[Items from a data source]

------------

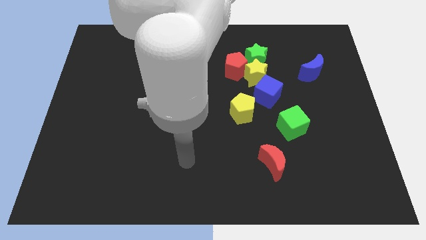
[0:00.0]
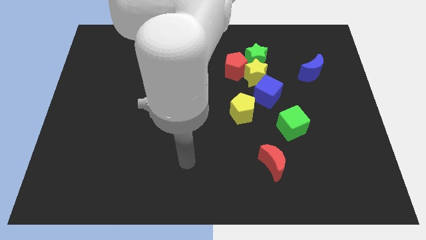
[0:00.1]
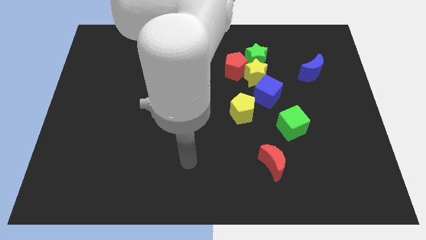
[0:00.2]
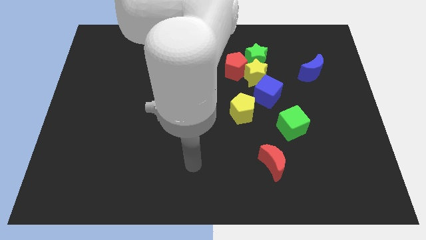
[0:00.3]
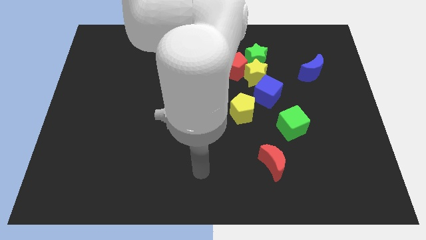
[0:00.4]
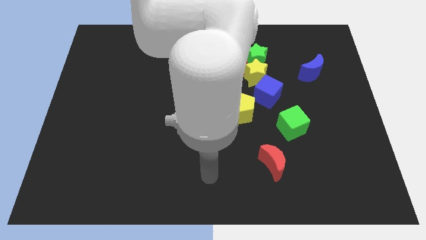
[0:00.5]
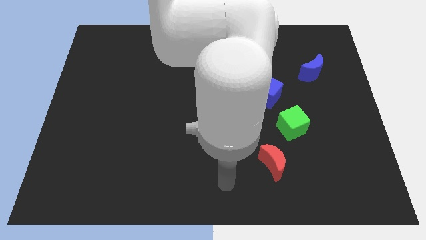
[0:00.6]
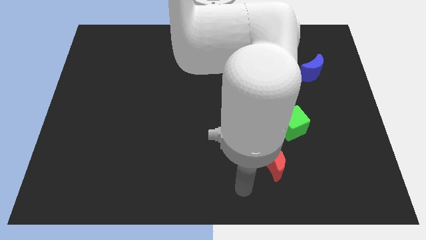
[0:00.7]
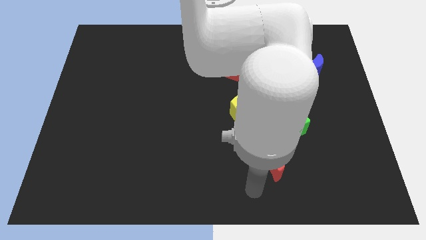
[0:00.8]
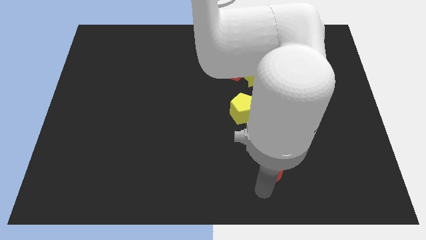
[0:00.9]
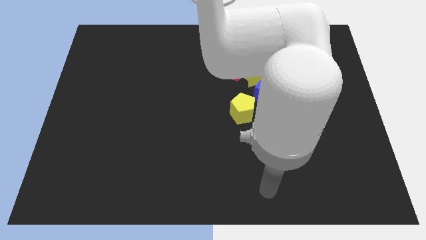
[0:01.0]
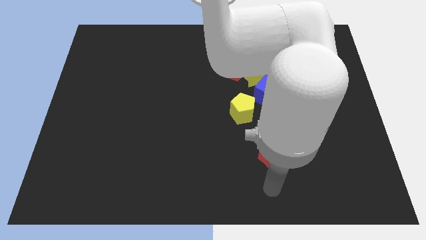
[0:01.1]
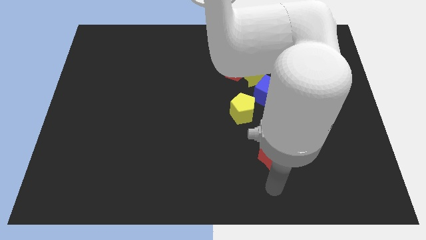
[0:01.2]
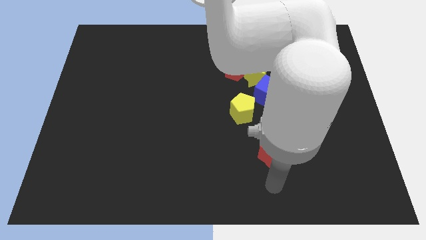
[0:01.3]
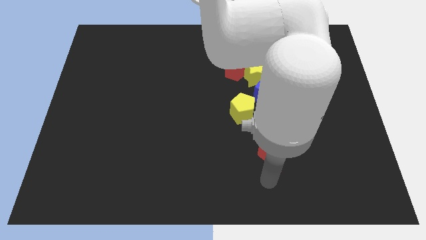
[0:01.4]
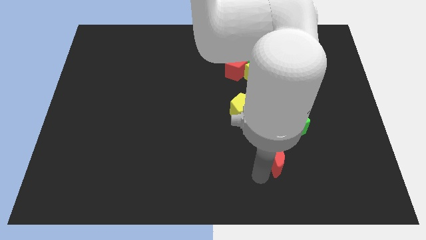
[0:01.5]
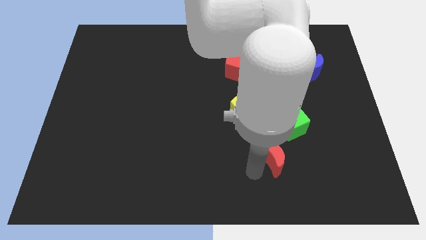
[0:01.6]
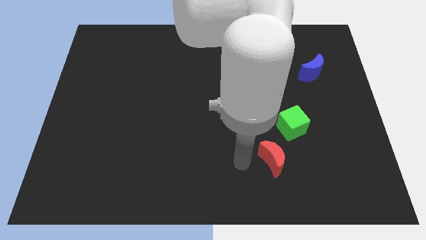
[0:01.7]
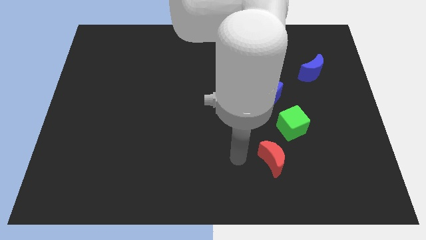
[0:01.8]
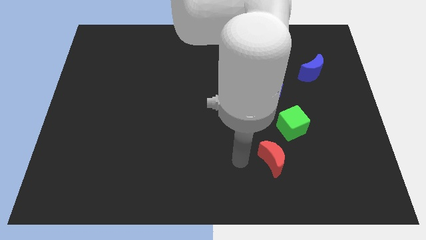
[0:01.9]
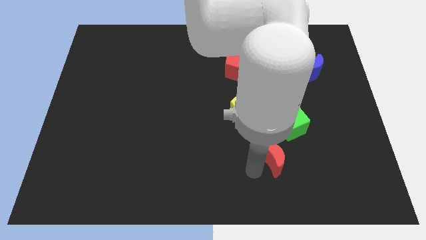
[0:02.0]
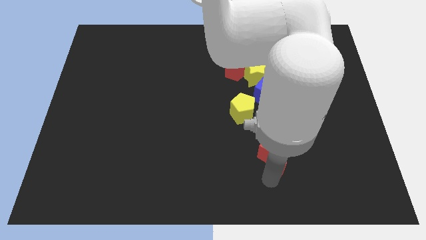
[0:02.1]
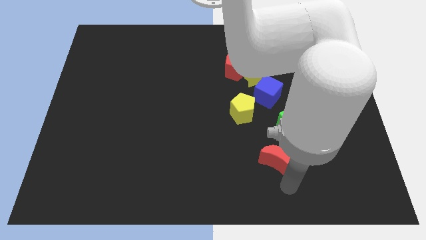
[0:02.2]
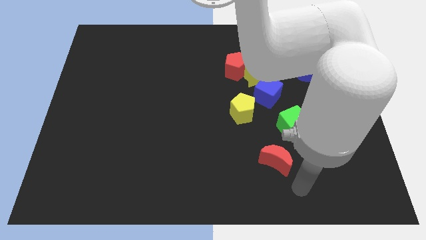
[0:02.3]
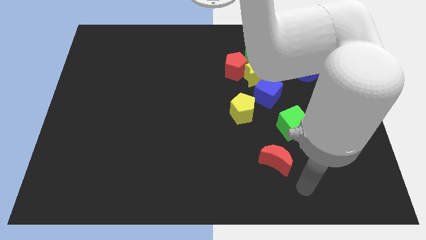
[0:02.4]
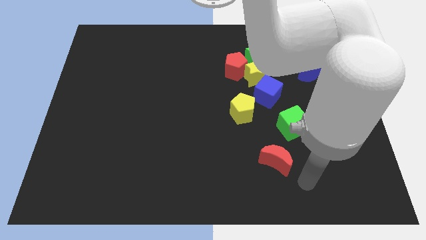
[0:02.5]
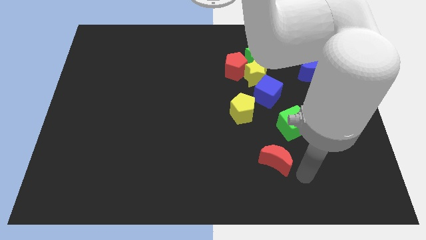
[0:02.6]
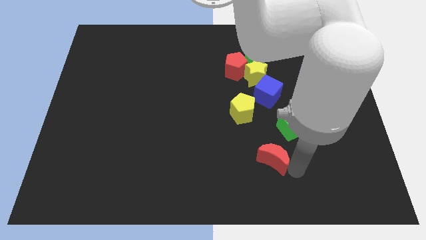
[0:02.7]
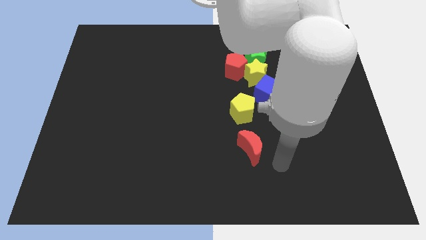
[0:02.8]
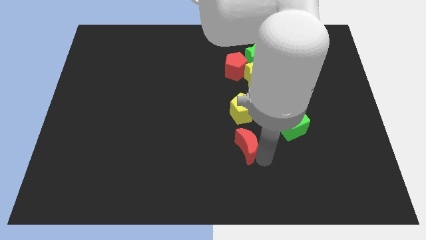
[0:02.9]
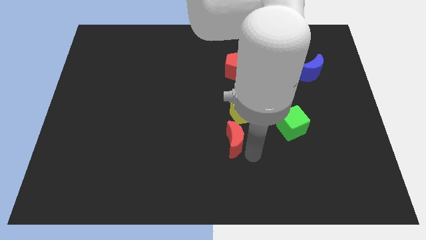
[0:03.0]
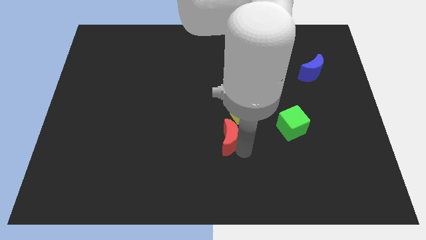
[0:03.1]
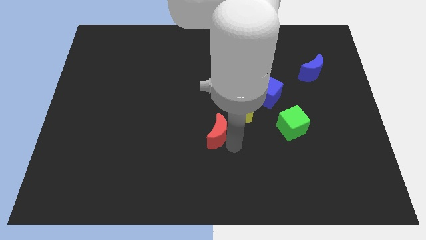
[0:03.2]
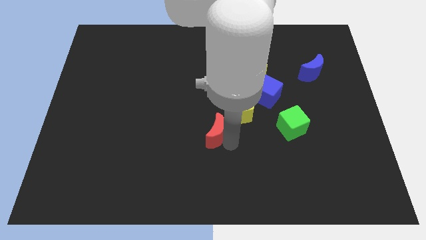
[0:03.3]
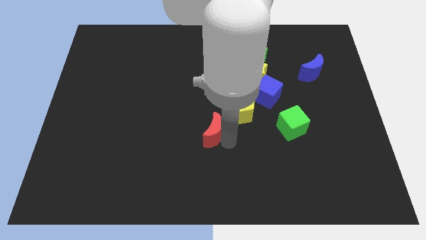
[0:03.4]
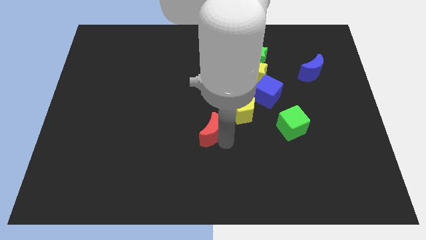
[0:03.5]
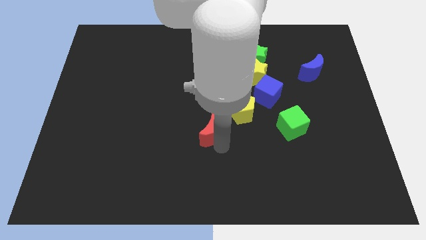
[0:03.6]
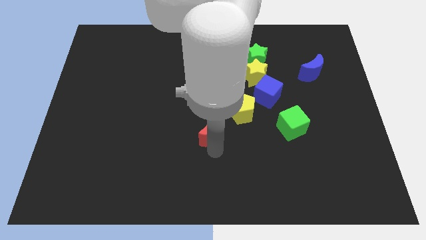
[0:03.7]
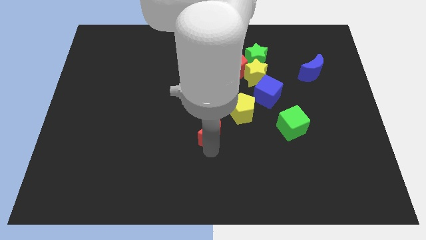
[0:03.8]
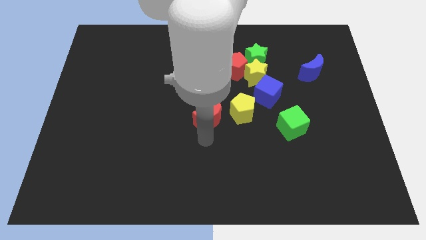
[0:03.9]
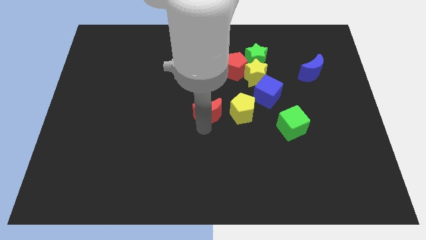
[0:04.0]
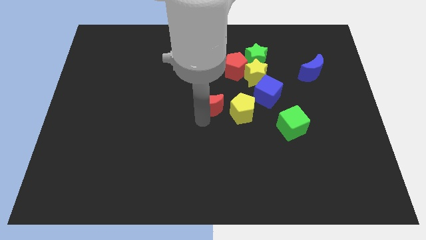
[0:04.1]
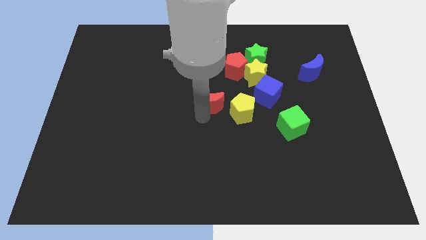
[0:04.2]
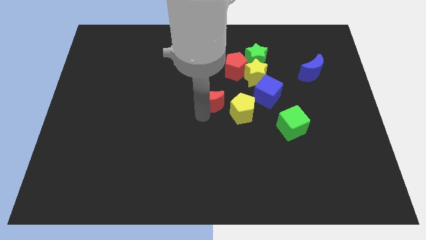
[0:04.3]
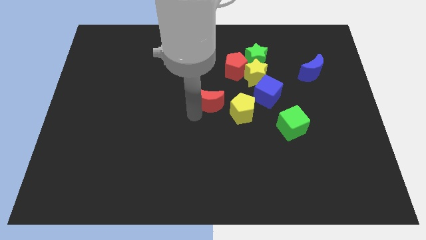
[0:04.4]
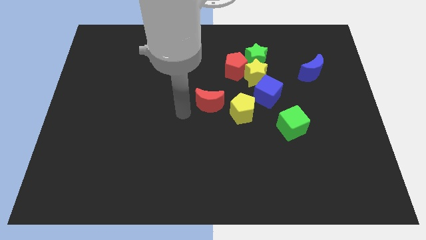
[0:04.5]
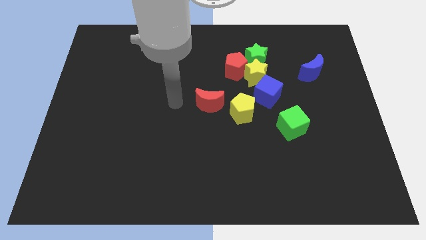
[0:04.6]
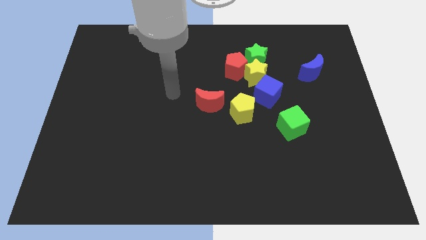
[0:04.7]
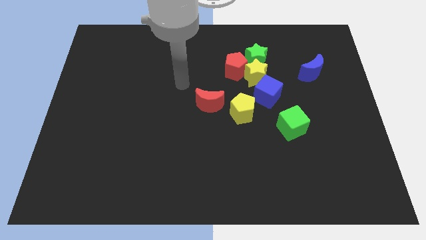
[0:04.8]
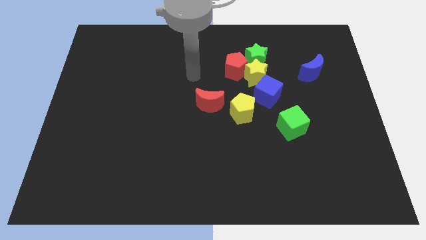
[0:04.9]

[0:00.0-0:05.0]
move the red crescent to the left side of the yellow pentagon

------------

TASK DIRECTIONS – Transcribe all the entries precisely. Do not include any picture.

RESPONSE AREA –
[0:00.0]
[0:00.1]
[0:00.2]
[0:00.3]
[0:00.4]
[0:00.5]
[0:00.6]
[0:00.7]
[0:00.8]
[0:00.9]
[0:01.0]
[0:01.1]
[0:01.2]
[0:01.3]
[0:01.4]
[0:01.5]
[0:01.6]
[0:01.7]
[0:01.8]
[0:01.9]
[0:02.0]
[0:02.1]
[0:02.2]
[0:02.3]
[0:02.4]
[0:02.5]
[0:02.6]
[0:02.7]
[0:02.8]
[0:02.9]
[0:03.0]
[0:03.1]
[0:03.2]
[0:03.3]
[0:03.4]
[0:03.5]
[0:03.6]
[0:03.7]
[0:03.8]
[0:03.9]
[0:04.0]
[0:04.1]
[0:04.2]
[0:04.3]
[0:04.4]
[0:04.5]
[0:04.6]
[0:04.7]
[0:04.8]
[0:04.9]

[0:00.0-0:05.0]
move the red crescent to the left side of the yellow pentagon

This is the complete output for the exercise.